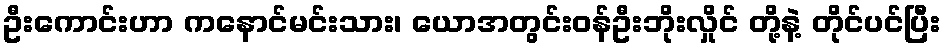
ဦးကောင်းဟာ ကနောင်မင်းသား၊ ယောအတွင်းဝန်ဦးဘိုးလှိုင် တို့နဲ့ တိုင်ပင်ပြီး
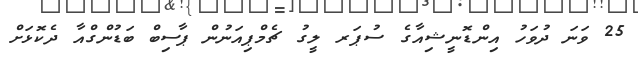
25 ވަނަ ދުވަހު އިންޑޮނީޝިއާގެ ސުޕަރ ލީގު ޗެމްޕިއަނުން ޕާސިބް ބަޑުންގްއާ ދެކޮޅަށް
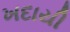
ખદાયી
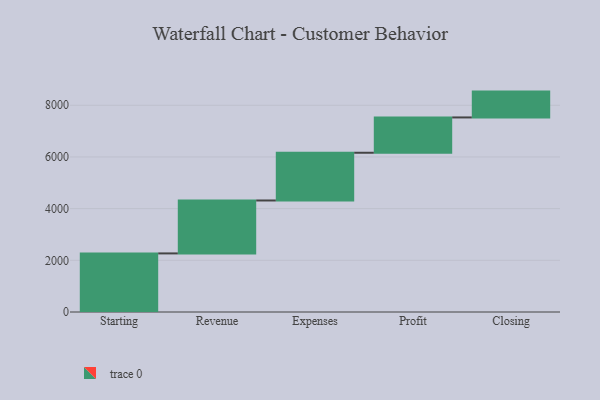
{"axis": {"x": "Step", "y": "Value"}, "legend": [""], "data": [{"x": "Starting", "y": 2267.0, "type": ""}, {"x": "Revenue", "y": 2048.0, "type": ""}, {"x": "Expenses", "y": 1847.0, "type": ""}, {"x": "Profit", "y": 1366.0, "type": ""}, {"x": "Closing", "y": 1000, "type": ""}]}
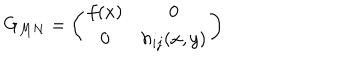
LaTeX: G _ { M N } = \left( \begin{array} { c c } { { f ( x ) } } & { { 0 } } \\ { { 0 } } & { { h _ { i j } ( x , y ) } } \\ \end{array} \right)
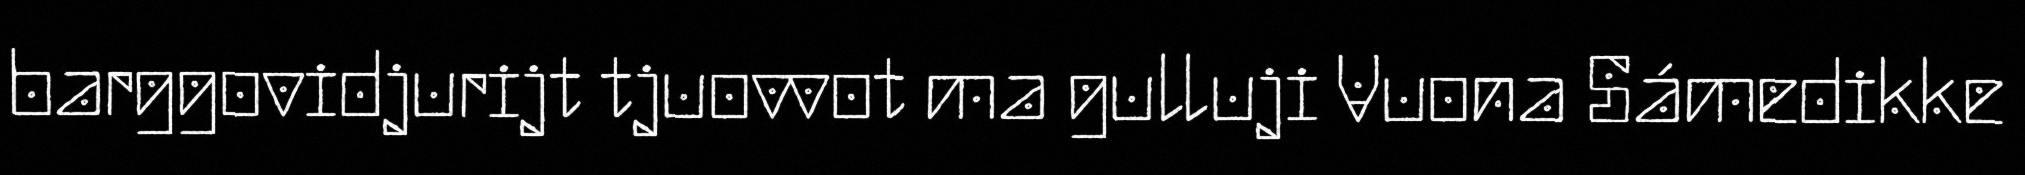
barggovidjurijt tjuovvot ma gulluji Vuona Sámedikke
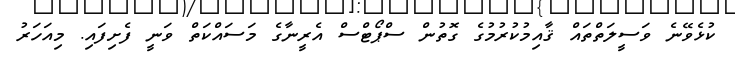
ކުޅެވޭނެ ވަސީލަތްތައް ޤާއިމުކުރުމުގެ ގޮތުން ސްޕޯޓްސް އެރީނާގެ މަސައްކަތް ވަނީ ފެށިފައި. މިއަހަރު
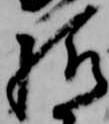
子
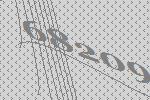
68209
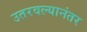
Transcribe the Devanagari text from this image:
उतरवल्यानंतर
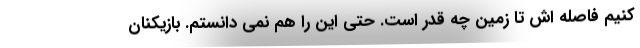
کنیم فاصله اش تا زمین چه قدر است. حتی این را هم نمی دانستم. بازیکنان
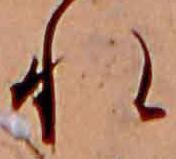
れ
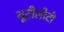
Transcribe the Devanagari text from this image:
यूटीलीटी
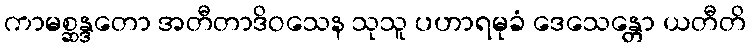
ကာမစ္ဆန္ဒတော အတီတာဒိဝသေန သုသူ ပဟာရမုခံ ဒေသေန္တော ယတီတိ

────────

▶ [EXERCISE DIRECTIONS]: The response should contain every record above exactly as written, and none of the pictures.

▶ [RESPONSE BOX]:
ဦးကောင်းဟာ ကနောင်မင်းသား၊ ယောအတွင်းဝန်ဦးဘိုးလှိုင် တို့နဲ့ တိုင်ပင်ပြီး
25 ވަނަ ދުވަހު އިންޑޮނީޝިއާގެ ސުޕަރ ލީގު ޗެމްޕިއަނުން ޕާސިބް ބަޑުންގްއާ ދެކޮޅަށް
ખદાયી
{"axis": {"x": "Step", "y": "Value"}, "legend": [""], "data": [{"x": "Starting", "y": 2267.0, "type": ""}, {"x": "Revenue", "y": 2048.0, "type": ""}, {"x": "Expenses", "y": 1847.0, "type": ""}, {"x": "Profit", "y": 1366.0, "type": ""}, {"x": "Closing", "y": 1000, "type": ""}]}
LaTeX: G _ { M N } = \left( \begin{array} { c c } { { f ( x ) } } & { { 0 } } \\ { { 0 } } & { { h _ { i j } ( x , y ) } } \\ \end{array} \right)
barggovidjurijt tjuovvot ma gulluji Vuona Sámedikke
ކުޅެވޭނެ ވަސީލަތްތައް ޤާއިމުކުރުމުގެ ގޮތުން ސްޕޯޓްސް އެރީނާގެ މަސައްކަތް ވަނީ ފެށިފައި. މިއަހަރު
子
68209
Transcribe the Devanagari text from this image:
उतरवल्यानंतर
کنیم فاصله اش تا زمین چه قدر است. حتی این را هم نمی دانستم. بازیکنان
れ
Transcribe the Devanagari text from this image:
यूटीलीटी
ကာမစ္ဆန္ဒတော အတီတာဒိဝသေန သုသူ ပဟာရမုခံ ဒေသေန္တော ယတီတိ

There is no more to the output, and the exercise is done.